'''

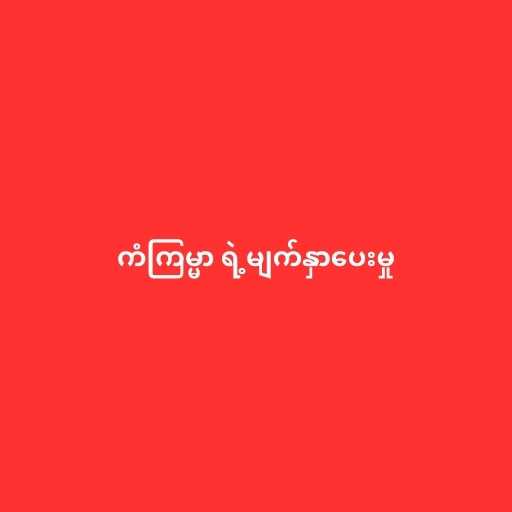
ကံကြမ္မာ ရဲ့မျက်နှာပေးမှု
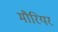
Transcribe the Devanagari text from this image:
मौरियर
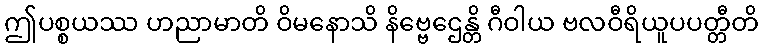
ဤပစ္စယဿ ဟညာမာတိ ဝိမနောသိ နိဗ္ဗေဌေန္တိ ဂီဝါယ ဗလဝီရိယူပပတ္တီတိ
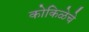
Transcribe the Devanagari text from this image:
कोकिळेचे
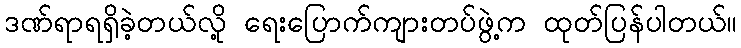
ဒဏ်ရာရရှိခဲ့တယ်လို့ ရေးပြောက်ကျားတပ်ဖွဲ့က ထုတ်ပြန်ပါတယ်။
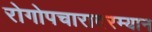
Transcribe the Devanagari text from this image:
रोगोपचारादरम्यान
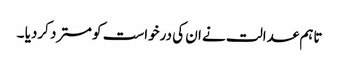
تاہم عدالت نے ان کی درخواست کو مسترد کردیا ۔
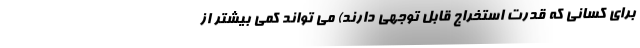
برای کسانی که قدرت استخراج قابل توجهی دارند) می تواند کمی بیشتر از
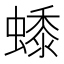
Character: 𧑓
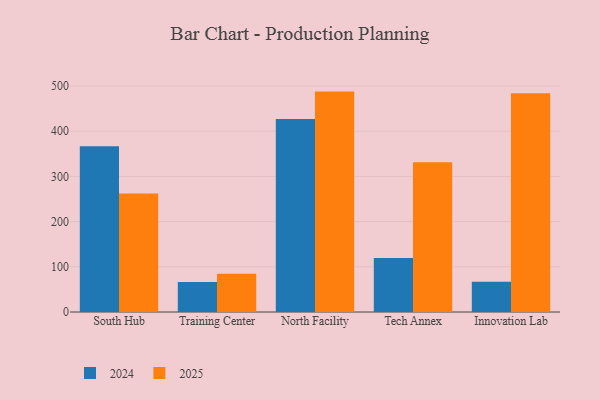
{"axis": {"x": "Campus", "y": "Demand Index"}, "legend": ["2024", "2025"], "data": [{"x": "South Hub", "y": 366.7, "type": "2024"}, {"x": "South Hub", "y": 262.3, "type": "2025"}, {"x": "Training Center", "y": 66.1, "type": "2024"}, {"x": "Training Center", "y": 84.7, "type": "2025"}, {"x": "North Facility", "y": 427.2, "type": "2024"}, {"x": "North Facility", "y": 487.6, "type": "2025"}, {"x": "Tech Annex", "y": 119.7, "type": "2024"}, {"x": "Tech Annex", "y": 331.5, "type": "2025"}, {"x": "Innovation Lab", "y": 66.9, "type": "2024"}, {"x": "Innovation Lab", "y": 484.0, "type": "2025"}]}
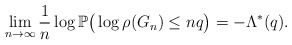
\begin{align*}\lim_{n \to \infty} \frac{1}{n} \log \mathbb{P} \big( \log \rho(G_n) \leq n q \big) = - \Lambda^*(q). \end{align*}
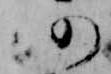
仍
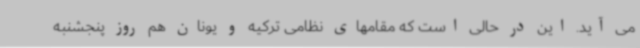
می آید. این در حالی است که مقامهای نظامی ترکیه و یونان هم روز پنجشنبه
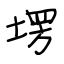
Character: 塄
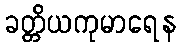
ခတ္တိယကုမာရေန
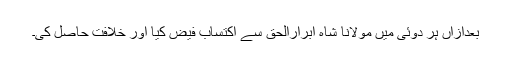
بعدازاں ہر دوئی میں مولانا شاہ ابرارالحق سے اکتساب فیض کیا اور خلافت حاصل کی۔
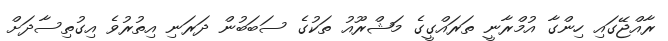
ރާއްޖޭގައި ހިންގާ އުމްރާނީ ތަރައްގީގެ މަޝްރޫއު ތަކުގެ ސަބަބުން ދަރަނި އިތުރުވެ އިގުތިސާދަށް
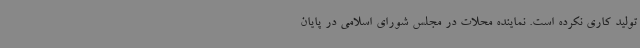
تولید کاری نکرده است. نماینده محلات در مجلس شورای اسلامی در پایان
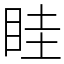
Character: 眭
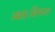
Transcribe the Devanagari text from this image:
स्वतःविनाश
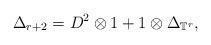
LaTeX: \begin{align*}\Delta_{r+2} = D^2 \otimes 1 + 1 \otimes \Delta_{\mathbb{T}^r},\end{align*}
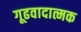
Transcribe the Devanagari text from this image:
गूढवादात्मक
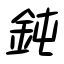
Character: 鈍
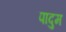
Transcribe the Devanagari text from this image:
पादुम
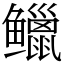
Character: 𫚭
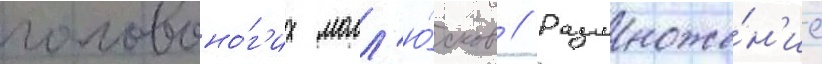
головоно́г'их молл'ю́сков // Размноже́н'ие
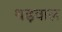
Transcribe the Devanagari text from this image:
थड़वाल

'''

What the task asks> From the line containing "Character: 塄" through the final line of the listing above, reproduce every line exactly, with no pictures.

Result of the task>
Character: 塄
ခတ္တိယကုမာရေန
بعدازاں ہر دوئی میں مولانا شاہ ابرارالحق سے اکتساب فیض کیا اور خلافت حاصل کی۔
ރާއްޖޭގައި ހިންގާ އުމްރާނީ ތަރައްގީގެ މަޝްރޫއު ތަކުގެ ސަބަބުން ދަރަނި އިތުރުވެ އިގުތިސާދަށް
تولید کاری نکرده است. نماینده محلات در مجلس شورای اسلامی در پایان
Character: 眭
Transcribe the Devanagari text from this image:
स्वतःविनाश
LaTeX: \begin{align*}\Delta_{r+2} = D^2 \otimes 1 + 1 \otimes \Delta_{\mathbb{T}^r},\end{align*}
Transcribe the Devanagari text from this image:
गूढवादात्मक
Character: 鈍
Transcribe the Devanagari text from this image:
पादुम
Character: 𫚭
головоно́г'их молл'ю́сков // Размноже́н'ие
Transcribe the Devanagari text from this image:
थड़वाल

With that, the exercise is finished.